**Task directions:** Only the lines from the one with "bounding boxes for" through the end of the material are wanted, copied exactly and with the pictures left out.

**Entries supplied:**
========================================================================
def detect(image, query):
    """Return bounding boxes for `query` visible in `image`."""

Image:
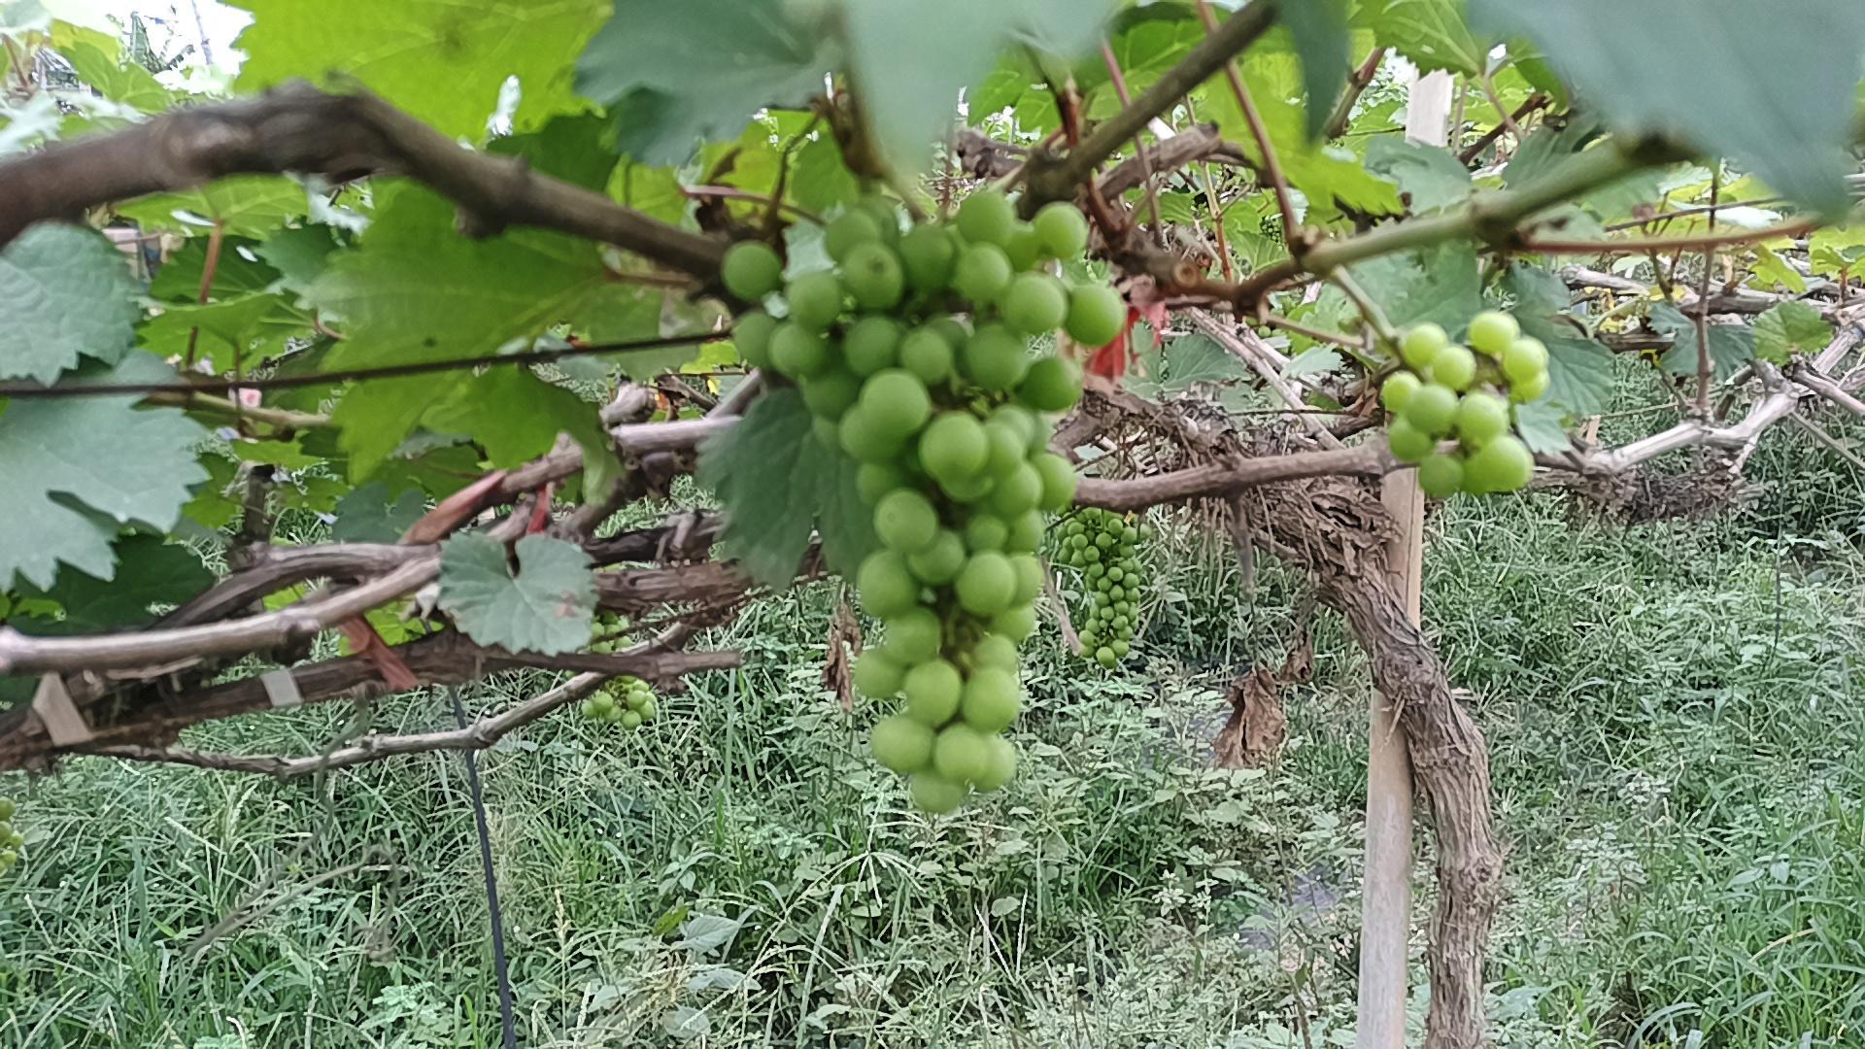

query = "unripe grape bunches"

[1054,508,1148,668]
[1380,311,1549,496]
[723,190,1124,812]
========================================================================
**Your solution:**
    """Return bounding boxes for `query` visible in `image`."""

Image:

query = "unripe grape bunches"

[1054,508,1148,668]
[1380,311,1549,496]
[723,190,1124,812]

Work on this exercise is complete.